## Data shown
---+---

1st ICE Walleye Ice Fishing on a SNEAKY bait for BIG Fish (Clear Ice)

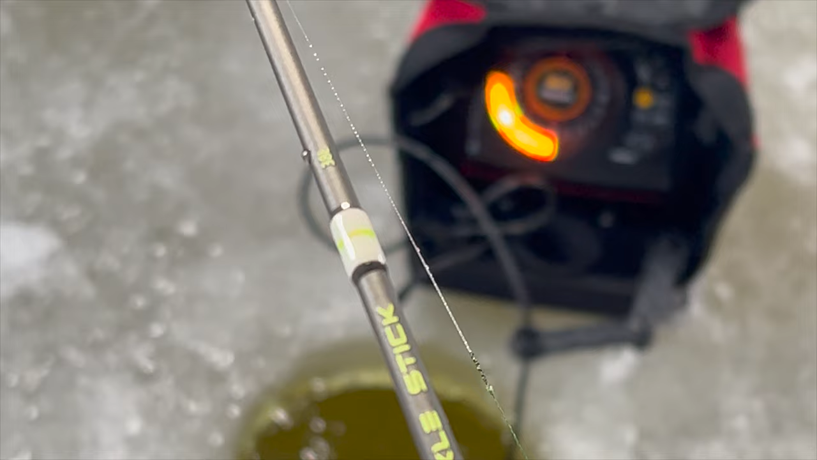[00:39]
oh oh slacklining there she is baby
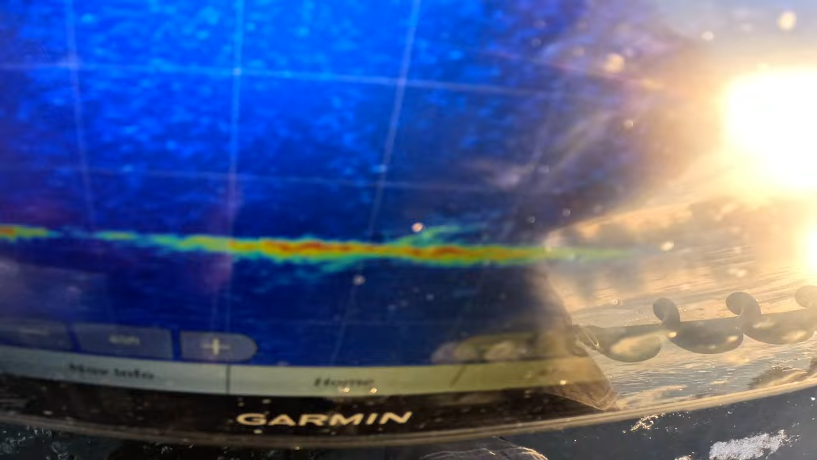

---+---

## The task
Copy out all the data exactly, skipping the pictures.

## Response box
1st ICE Walleye Ice Fishing on a SNEAKY bait for BIG Fish (Clear Ice)

[00:39]
oh oh slacklining there she is baby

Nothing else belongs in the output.